Actually I think it's amazing that something analytical that complicated and with a variety of operations (addition, division, multiplication, factorial, square root, exponentiation, and summation) could create something as "simple" as pi.
Unfortunately it seems to get to within MATLAB's precision after just one iteration - I'd have like to see how it converges as afunction of iteration (summation term). (Hint: help would be appreciated.)
John D'Errico
2018년 11월 28일
편집: John D'Errico
2018년 11월 28일
As I recall, these approximations tend to give a roughly fixed number of digits per term. I'll do it using HPF, but syms would also work.
DefaultNumberOfDigits 500
n = 10;
piterms = zeros(n+1,1,'hpf');
f = sqrt(hpf(2))*2/9801*hpf(factorial(0));
piterms(1) = f*1103;
hpf396 = hpf(396)^4;
for k = 1:n
hpfk = hpf(k);
f = f*(4*hpfk-3)*(4*hpfk-2)*(4*hpfk-1)*4/(hpfk^3)/hpf396;
piterms(k+1) = f*(1103 + 26390*hpfk);
end
piapprox = 1./cumsum(piterms);
pierror = double(hpf('pi') - piapprox))
pierror =
-7.6424e-08
-6.3954e-16
-5.6824e-24
-5.2389e-32
-4.9442e-40
-4.741e-48
-4.5989e-56
-4.5e-64
-4.4333e-72
-4.3915e-80
-4.3696e-88
So roughly 8 digits per term in this series.

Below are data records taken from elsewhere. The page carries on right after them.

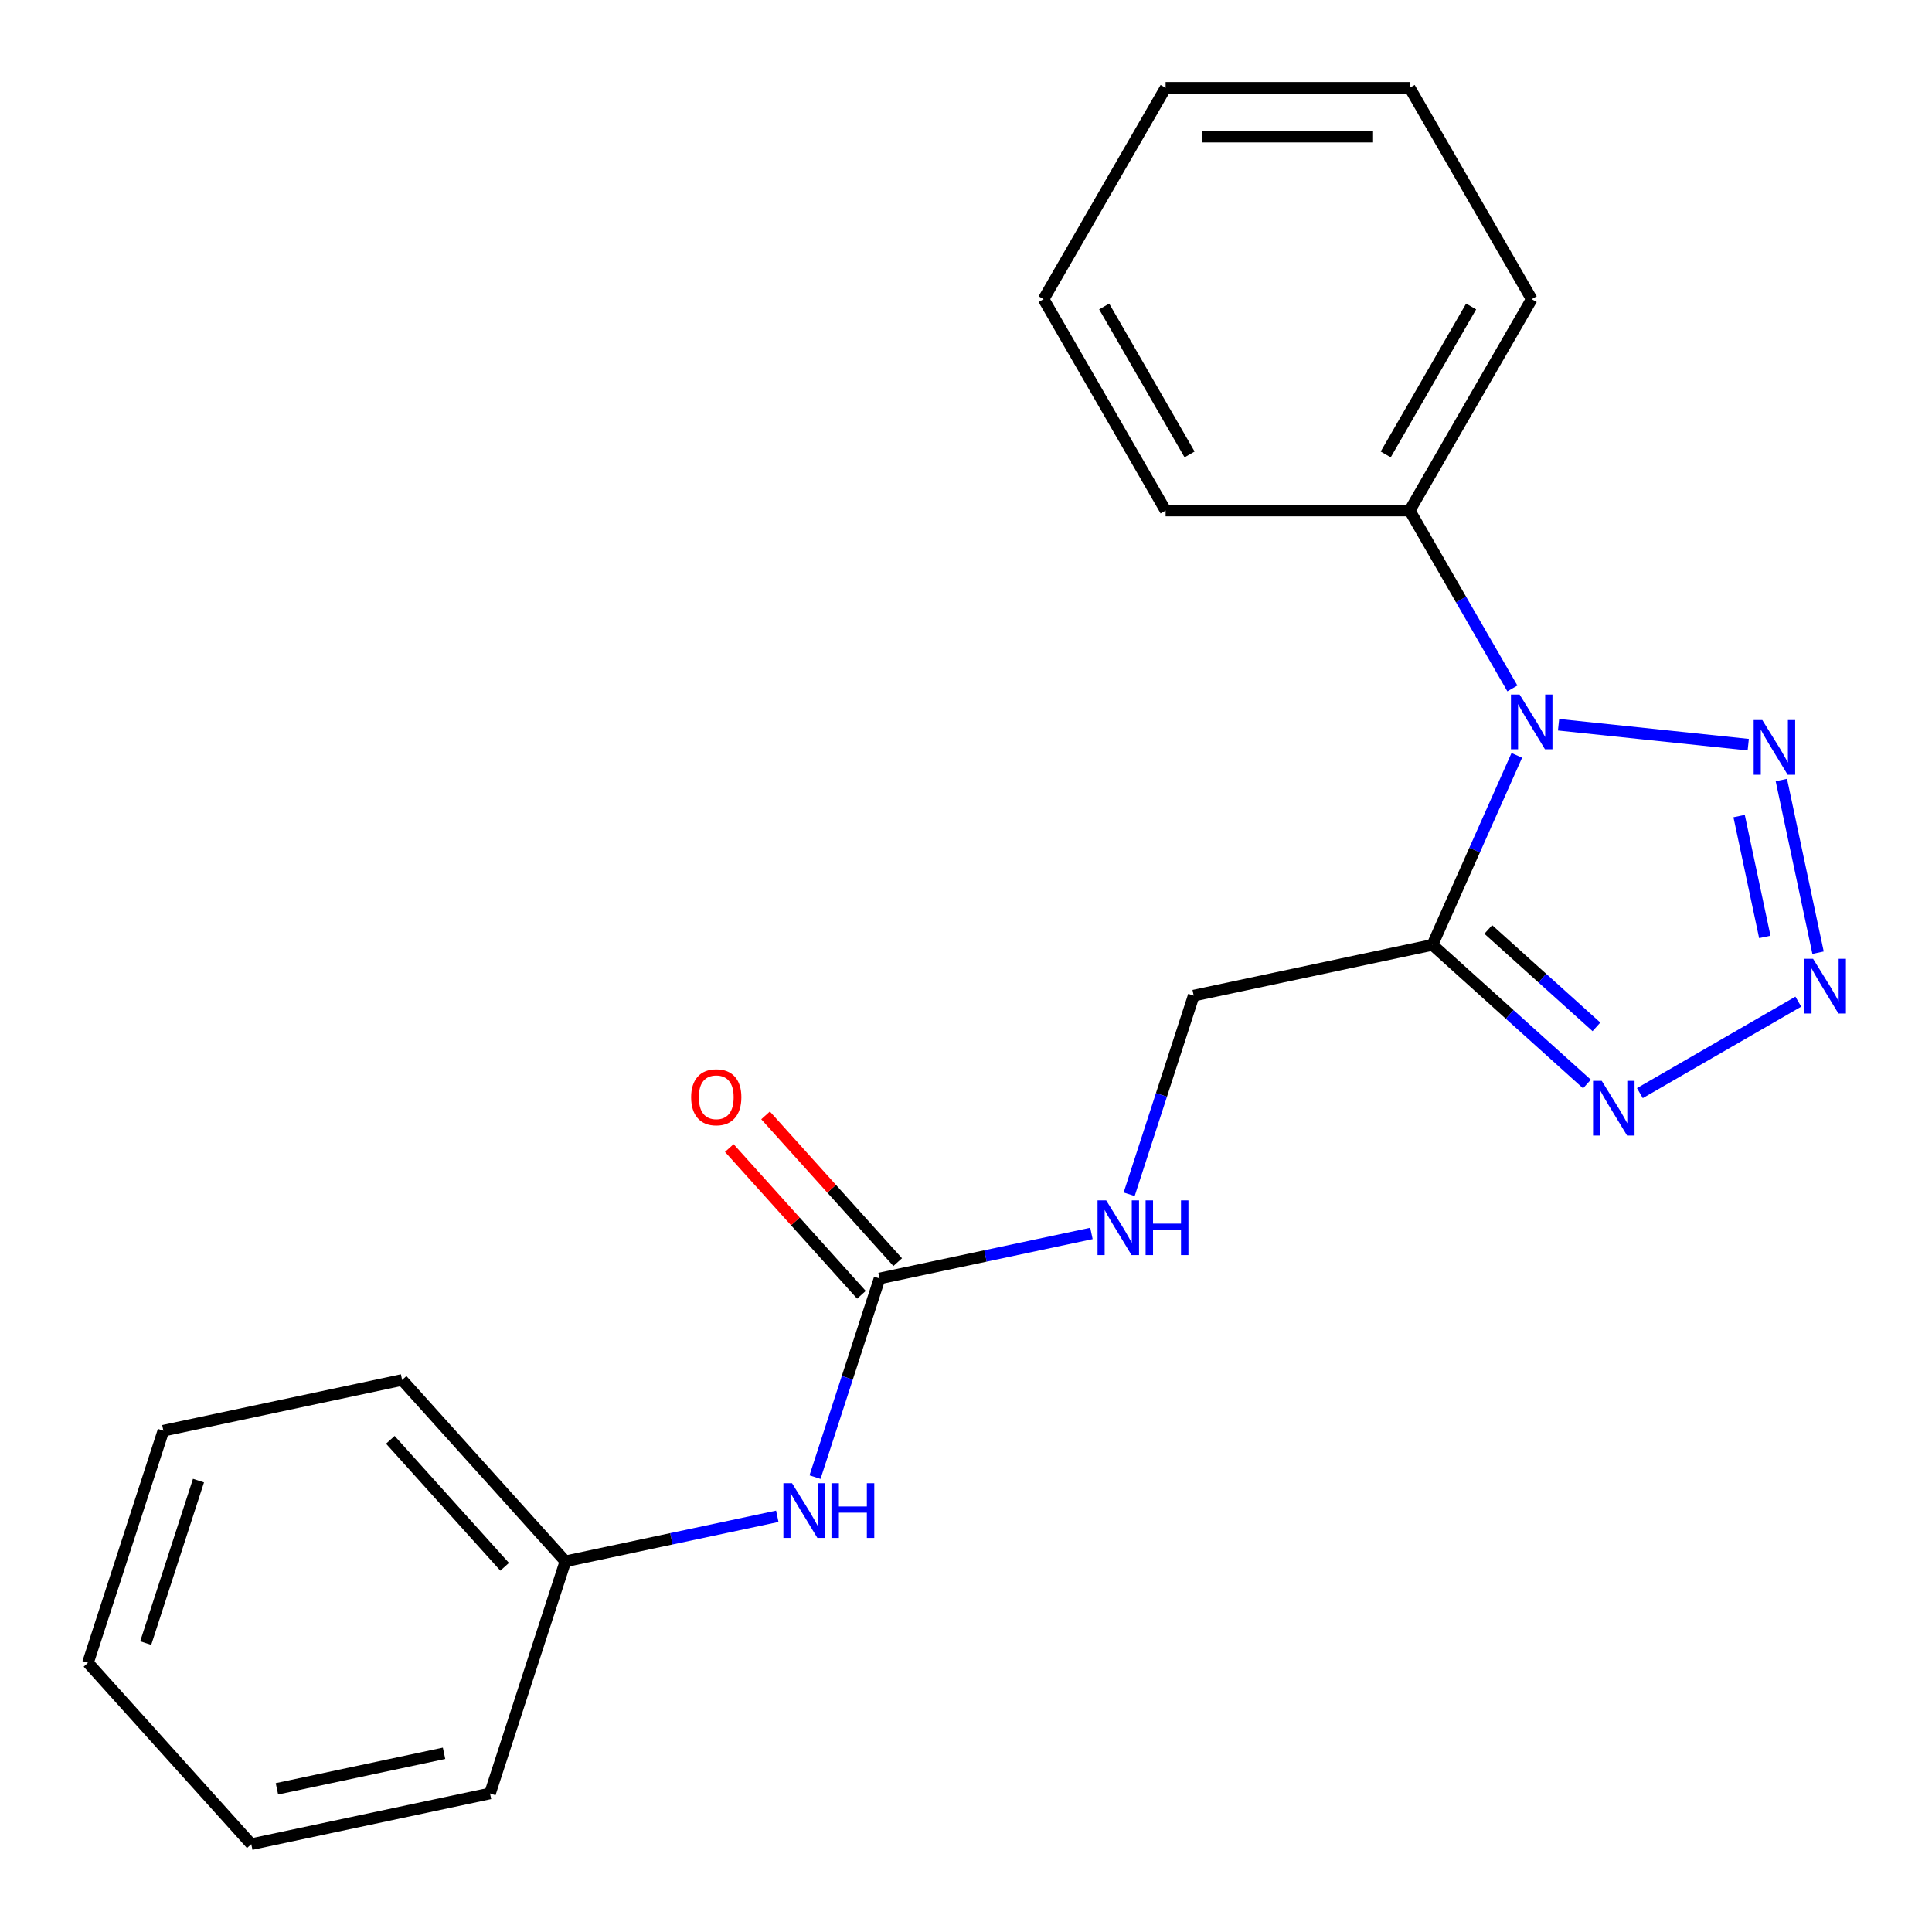 <?xml version='1.0' encoding='iso-8859-1'?>
<svg version='1.1' baseProfile='full'
              xmlns='http://www.w3.org/2000/svg'
                      xmlns:rdkit='http://www.rdkit.org/xml'
                      xmlns:xlink='http://www.w3.org/1999/xlink'
                  xml:space='preserve'
width='1000px' height='1000px' viewBox='0 0 1000 1000'>
<!-- END OF HEADER -->
<rect style='opacity:1.0;fill:#FFFFFF;stroke:none' width='1000' height='1000' x='0' y='0'> </rect>
<path class='bond-0' d='M 785.098,390.975 L 763.262,440.018' style='fill:none;fill-rule:evenodd;stroke:#0000FF;stroke-width:6px;stroke-linecap:butt;stroke-linejoin:miter;stroke-opacity:1' />
<path class='bond-0' d='M 763.262,440.018 L 741.427,489.061' style='fill:none;fill-rule:evenodd;stroke:#000000;stroke-width:6px;stroke-linecap:butt;stroke-linejoin:miter;stroke-opacity:1' />
<path class='bond-2' d='M 806.706,375.118 L 904.892,385.437' style='fill:none;fill-rule:evenodd;stroke:#0000FF;stroke-width:6px;stroke-linecap:butt;stroke-linejoin:miter;stroke-opacity:1' />
<path class='bond-8' d='M 782.809,356.339 L 756.227,310.297' style='fill:none;fill-rule:evenodd;stroke:#0000FF;stroke-width:6px;stroke-linecap:butt;stroke-linejoin:miter;stroke-opacity:1' />
<path class='bond-8' d='M 756.227,310.297 L 729.646,264.256' style='fill:none;fill-rule:evenodd;stroke:#000000;stroke-width:6px;stroke-linecap:butt;stroke-linejoin:miter;stroke-opacity:1' />
<path class='bond-3' d='M 741.427,489.061 L 781.417,525.068' style='fill:none;fill-rule:evenodd;stroke:#000000;stroke-width:6px;stroke-linecap:butt;stroke-linejoin:miter;stroke-opacity:1' />
<path class='bond-3' d='M 781.417,525.068 L 821.407,561.075' style='fill:none;fill-rule:evenodd;stroke:#0000FF;stroke-width:6px;stroke-linecap:butt;stroke-linejoin:miter;stroke-opacity:1' />
<path class='bond-3' d='M 770.33,481.087 L 798.322,506.292' style='fill:none;fill-rule:evenodd;stroke:#000000;stroke-width:6px;stroke-linecap:butt;stroke-linejoin:miter;stroke-opacity:1' />
<path class='bond-3' d='M 798.322,506.292 L 826.315,531.497' style='fill:none;fill-rule:evenodd;stroke:#0000FF;stroke-width:6px;stroke-linecap:butt;stroke-linejoin:miter;stroke-opacity:1' />
<path class='bond-5' d='M 741.427,489.061 L 617.862,515.325' style='fill:none;fill-rule:evenodd;stroke:#000000;stroke-width:6px;stroke-linecap:butt;stroke-linejoin:miter;stroke-opacity:1' />
<path class='bond-1' d='M 941.025,493.108 L 922.028,403.737' style='fill:none;fill-rule:evenodd;stroke:#0000FF;stroke-width:6px;stroke-linecap:butt;stroke-linejoin:miter;stroke-opacity:1' />
<path class='bond-1' d='M 913.462,484.955 L 900.165,422.395' style='fill:none;fill-rule:evenodd;stroke:#0000FF;stroke-width:6px;stroke-linecap:butt;stroke-linejoin:miter;stroke-opacity:1' />
<path class='bond-21' d='M 930.808,518.45 L 848.802,565.796' style='fill:none;fill-rule:evenodd;stroke:#0000FF;stroke-width:6px;stroke-linecap:butt;stroke-linejoin:miter;stroke-opacity:1' />
<path class='bond-4' d='M 455.261,661.732 L 510.094,650.077' style='fill:none;fill-rule:evenodd;stroke:#000000;stroke-width:6px;stroke-linecap:butt;stroke-linejoin:miter;stroke-opacity:1' />
<path class='bond-4' d='M 510.094,650.077 L 564.928,638.422' style='fill:none;fill-rule:evenodd;stroke:#0000FF;stroke-width:6px;stroke-linecap:butt;stroke-linejoin:miter;stroke-opacity:1' />
<path class='bond-6' d='M 455.261,661.732 L 438.556,713.144' style='fill:none;fill-rule:evenodd;stroke:#000000;stroke-width:6px;stroke-linecap:butt;stroke-linejoin:miter;stroke-opacity:1' />
<path class='bond-6' d='M 438.556,713.144 L 421.852,764.556' style='fill:none;fill-rule:evenodd;stroke:#0000FF;stroke-width:6px;stroke-linecap:butt;stroke-linejoin:miter;stroke-opacity:1' />
<path class='bond-9' d='M 464.649,653.279 L 430.452,615.299' style='fill:none;fill-rule:evenodd;stroke:#000000;stroke-width:6px;stroke-linecap:butt;stroke-linejoin:miter;stroke-opacity:1' />
<path class='bond-9' d='M 430.452,615.299 L 396.255,577.319' style='fill:none;fill-rule:evenodd;stroke:#FF0000;stroke-width:6px;stroke-linecap:butt;stroke-linejoin:miter;stroke-opacity:1' />
<path class='bond-9' d='M 445.873,670.185 L 411.676,632.205' style='fill:none;fill-rule:evenodd;stroke:#000000;stroke-width:6px;stroke-linecap:butt;stroke-linejoin:miter;stroke-opacity:1' />
<path class='bond-9' d='M 411.676,632.205 L 377.479,594.225' style='fill:none;fill-rule:evenodd;stroke:#FF0000;stroke-width:6px;stroke-linecap:butt;stroke-linejoin:miter;stroke-opacity:1' />
<path class='bond-7' d='M 617.862,515.325 L 601.158,566.737' style='fill:none;fill-rule:evenodd;stroke:#000000;stroke-width:6px;stroke-linecap:butt;stroke-linejoin:miter;stroke-opacity:1' />
<path class='bond-7' d='M 601.158,566.737 L 584.453,618.149' style='fill:none;fill-rule:evenodd;stroke:#0000FF;stroke-width:6px;stroke-linecap:butt;stroke-linejoin:miter;stroke-opacity:1' />
<path class='bond-10' d='M 402.326,784.828 L 347.493,796.483' style='fill:none;fill-rule:evenodd;stroke:#0000FF;stroke-width:6px;stroke-linecap:butt;stroke-linejoin:miter;stroke-opacity:1' />
<path class='bond-10' d='M 347.493,796.483 L 292.66,808.139' style='fill:none;fill-rule:evenodd;stroke:#000000;stroke-width:6px;stroke-linecap:butt;stroke-linejoin:miter;stroke-opacity:1' />
<path class='bond-11' d='M 729.646,264.256 L 792.808,154.855' style='fill:none;fill-rule:evenodd;stroke:#000000;stroke-width:6px;stroke-linecap:butt;stroke-linejoin:miter;stroke-opacity:1' />
<path class='bond-11' d='M 717.24,235.213 L 761.454,158.633' style='fill:none;fill-rule:evenodd;stroke:#000000;stroke-width:6px;stroke-linecap:butt;stroke-linejoin:miter;stroke-opacity:1' />
<path class='bond-12' d='M 729.646,264.256 L 603.32,264.256' style='fill:none;fill-rule:evenodd;stroke:#000000;stroke-width:6px;stroke-linecap:butt;stroke-linejoin:miter;stroke-opacity:1' />
<path class='bond-13' d='M 292.66,808.139 L 208.132,714.261' style='fill:none;fill-rule:evenodd;stroke:#000000;stroke-width:6px;stroke-linecap:butt;stroke-linejoin:miter;stroke-opacity:1' />
<path class='bond-13' d='M 261.205,810.963 L 202.036,745.248' style='fill:none;fill-rule:evenodd;stroke:#000000;stroke-width:6px;stroke-linecap:butt;stroke-linejoin:miter;stroke-opacity:1' />
<path class='bond-14' d='M 292.66,808.139 L 253.623,928.281' style='fill:none;fill-rule:evenodd;stroke:#000000;stroke-width:6px;stroke-linecap:butt;stroke-linejoin:miter;stroke-opacity:1' />
<path class='bond-15' d='M 792.808,154.855 L 729.646,45.455' style='fill:none;fill-rule:evenodd;stroke:#000000;stroke-width:6px;stroke-linecap:butt;stroke-linejoin:miter;stroke-opacity:1' />
<path class='bond-16' d='M 603.32,264.256 L 540.158,154.855' style='fill:none;fill-rule:evenodd;stroke:#000000;stroke-width:6px;stroke-linecap:butt;stroke-linejoin:miter;stroke-opacity:1' />
<path class='bond-16' d='M 615.726,235.213 L 571.512,158.633' style='fill:none;fill-rule:evenodd;stroke:#000000;stroke-width:6px;stroke-linecap:butt;stroke-linejoin:miter;stroke-opacity:1' />
<path class='bond-17' d='M 208.132,714.261 L 84.567,740.525' style='fill:none;fill-rule:evenodd;stroke:#000000;stroke-width:6px;stroke-linecap:butt;stroke-linejoin:miter;stroke-opacity:1' />
<path class='bond-18' d='M 253.623,928.281 L 130.059,954.545' style='fill:none;fill-rule:evenodd;stroke:#000000;stroke-width:6px;stroke-linecap:butt;stroke-linejoin:miter;stroke-opacity:1' />
<path class='bond-18' d='M 229.836,907.508 L 143.341,925.893' style='fill:none;fill-rule:evenodd;stroke:#000000;stroke-width:6px;stroke-linecap:butt;stroke-linejoin:miter;stroke-opacity:1' />
<path class='bond-22' d='M 729.646,45.455 L 603.32,45.455' style='fill:none;fill-rule:evenodd;stroke:#000000;stroke-width:6px;stroke-linecap:butt;stroke-linejoin:miter;stroke-opacity:1' />
<path class='bond-22' d='M 710.697,70.72 L 622.269,70.72' style='fill:none;fill-rule:evenodd;stroke:#000000;stroke-width:6px;stroke-linecap:butt;stroke-linejoin:miter;stroke-opacity:1' />
<path class='bond-19' d='M 540.158,154.855 L 603.32,45.455' style='fill:none;fill-rule:evenodd;stroke:#000000;stroke-width:6px;stroke-linecap:butt;stroke-linejoin:miter;stroke-opacity:1' />
<path class='bond-23' d='M 84.567,740.525 L 45.531,860.668' style='fill:none;fill-rule:evenodd;stroke:#000000;stroke-width:6px;stroke-linecap:butt;stroke-linejoin:miter;stroke-opacity:1' />
<path class='bond-23' d='M 102.74,766.354 L 75.415,850.454' style='fill:none;fill-rule:evenodd;stroke:#000000;stroke-width:6px;stroke-linecap:butt;stroke-linejoin:miter;stroke-opacity:1' />
<path class='bond-20' d='M 130.059,954.545 L 45.531,860.668' style='fill:none;fill-rule:evenodd;stroke:#000000;stroke-width:6px;stroke-linecap:butt;stroke-linejoin:miter;stroke-opacity:1' />
<path  class='atom-0' d='M 786.548 359.497
L 795.828 374.497
Q 796.748 375.977, 798.228 378.657
Q 799.708 381.337, 799.788 381.497
L 799.788 359.497
L 803.548 359.497
L 803.548 387.817
L 799.668 387.817
L 789.708 371.417
Q 788.548 369.497, 787.308 367.297
Q 786.108 365.097, 785.748 364.417
L 785.748 387.817
L 782.068 387.817
L 782.068 359.497
L 786.548 359.497
' fill='#0000FF'/>
<path  class='atom-2' d='M 938.446 496.266
L 947.726 511.266
Q 948.646 512.746, 950.126 515.426
Q 951.606 518.106, 951.686 518.266
L 951.686 496.266
L 955.446 496.266
L 955.446 524.586
L 951.566 524.586
L 941.606 508.186
Q 940.446 506.266, 939.206 504.066
Q 938.006 501.866, 937.646 501.186
L 937.646 524.586
L 933.966 524.586
L 933.966 496.266
L 938.446 496.266
' fill='#0000FF'/>
<path  class='atom-3' d='M 912.181 372.701
L 921.461 387.701
Q 922.381 389.181, 923.861 391.861
Q 925.341 394.541, 925.421 394.701
L 925.421 372.701
L 929.181 372.701
L 929.181 401.021
L 925.301 401.021
L 915.341 384.621
Q 914.181 382.701, 912.941 380.501
Q 911.741 378.301, 911.381 377.621
L 911.381 401.021
L 907.701 401.021
L 907.701 372.701
L 912.181 372.701
' fill='#0000FF'/>
<path  class='atom-4' d='M 829.045 559.429
L 838.325 574.429
Q 839.245 575.909, 840.725 578.589
Q 842.205 581.269, 842.285 581.429
L 842.285 559.429
L 846.045 559.429
L 846.045 587.749
L 842.165 587.749
L 832.205 571.349
Q 831.045 569.429, 829.805 567.229
Q 828.605 565.029, 828.245 564.349
L 828.245 587.749
L 824.565 587.749
L 824.565 559.429
L 829.045 559.429
' fill='#0000FF'/>
<path  class='atom-7' d='M 409.965 767.714
L 419.245 782.714
Q 420.165 784.194, 421.645 786.874
Q 423.125 789.554, 423.205 789.714
L 423.205 767.714
L 426.965 767.714
L 426.965 796.034
L 423.085 796.034
L 413.125 779.634
Q 411.965 777.714, 410.725 775.514
Q 409.525 773.314, 409.165 772.634
L 409.165 796.034
L 405.485 796.034
L 405.485 767.714
L 409.965 767.714
' fill='#0000FF'/>
<path  class='atom-7' d='M 430.365 767.714
L 434.205 767.714
L 434.205 779.754
L 448.685 779.754
L 448.685 767.714
L 452.525 767.714
L 452.525 796.034
L 448.685 796.034
L 448.685 782.954
L 434.205 782.954
L 434.205 796.034
L 430.365 796.034
L 430.365 767.714
' fill='#0000FF'/>
<path  class='atom-8' d='M 572.566 621.307
L 581.846 636.307
Q 582.766 637.787, 584.246 640.467
Q 585.726 643.147, 585.806 643.307
L 585.806 621.307
L 589.566 621.307
L 589.566 649.627
L 585.686 649.627
L 575.726 633.227
Q 574.566 631.307, 573.326 629.107
Q 572.126 626.907, 571.766 626.227
L 571.766 649.627
L 568.086 649.627
L 568.086 621.307
L 572.566 621.307
' fill='#0000FF'/>
<path  class='atom-8' d='M 592.966 621.307
L 596.806 621.307
L 596.806 633.347
L 611.286 633.347
L 611.286 621.307
L 615.126 621.307
L 615.126 649.627
L 611.286 649.627
L 611.286 636.547
L 596.806 636.547
L 596.806 649.627
L 592.966 649.627
L 592.966 621.307
' fill='#0000FF'/>
<path  class='atom-10' d='M 357.733 567.934
Q 357.733 561.134, 361.093 557.334
Q 364.453 553.534, 370.733 553.534
Q 377.013 553.534, 380.373 557.334
Q 383.733 561.134, 383.733 567.934
Q 383.733 574.814, 380.333 578.734
Q 376.933 582.614, 370.733 582.614
Q 364.493 582.614, 361.093 578.734
Q 357.733 574.854, 357.733 567.934
M 370.733 579.414
Q 375.053 579.414, 377.373 576.534
Q 379.733 573.614, 379.733 567.934
Q 379.733 562.374, 377.373 559.574
Q 375.053 556.734, 370.733 556.734
Q 366.413 556.734, 364.053 559.534
Q 361.733 562.334, 361.733 567.934
Q 361.733 573.654, 364.053 576.534
Q 366.413 579.414, 370.733 579.414
' fill='#FF0000'/>
</svg>

Resetting the default number of digits to used to 1000, then n=125, so a total of 126 terms in the series, we can pretty quickly get a 1000 digit approximation to pi:
pierror = hpf('pi') - piapprox(end + [-3:0])
pierror =
HPF array of size: 4 1
|1,1| -1.2060069282720814803655e-982
|2,1| -1.25042729756426e-990
|3,1| -1.296534e-998
|4,1| -8.e-1004
So as you see, it generates a very reliable 8 digits per term in the sum.
piapprox(end)
ans =
3.141592653589793238462643383279502884197169399375105820974944592307816406286208998628034825342117067982148086513282306647093844609550582231725359408128481117450284102701938521105559644622948954930381964428810975665933446128475648233786783165271201909145648566923460348610454326648213393607260249141273724587006606315588174881520920962829254091715364367892590360011330530548820466521384146951941511609433057270365759591953092186117381932611793105118548074462379962749567351885752724891227938183011949129833673362440656643086021394946395224737190702179860943702770539217176293176752384674818467669405132000568127145263560827785771342757789609173637178721468440901224953430146549585371050792279689258923542019956112129021960864034418159813629774771309960518707211349999998372978049951059731732816096318595024459455346908302642522308253344685035261931188171010003137838752886587533208381420617177669147303598253490428755468731159562863882353787593751957781857780532171226806613001927876611195909216420199
hpf('pi')
ans =
3.141592653589793238462643383279502884197169399375105820974944592307816406286208998628034825342117067982148086513282306647093844609550582231725359408128481117450284102701938521105559644622948954930381964428810975665933446128475648233786783165271201909145648566923460348610454326648213393607260249141273724587006606315588174881520920962829254091715364367892590360011330530548820466521384146951941511609433057270365759591953092186117381932611793105118548074462379962749567351885752724891227938183011949129833673362440656643086021394946395224737190702179860943702770539217176293176752384674818467669405132000568127145263560827785771342757789609173637178721468440901224953430146549585371050792279689258923542019956112129021960864034418159813629774771309960518707211349999998372978049951059731732816096318595024459455346908302642522308253344685035261931188171010003137838752886587533208381420617177669147303598253490428755468731159562863882353787593751957781857780532171226806613001927876611195909216420199
I also ran it for 100000 digits, so 12500 terms. It took a little more time, but was entirely possible to compute. I don't recall which similar approximation I used some time ago, but I once used it to compute 1 million or so digits of pi in HPF. HPF currently stores a half million digits as I recall.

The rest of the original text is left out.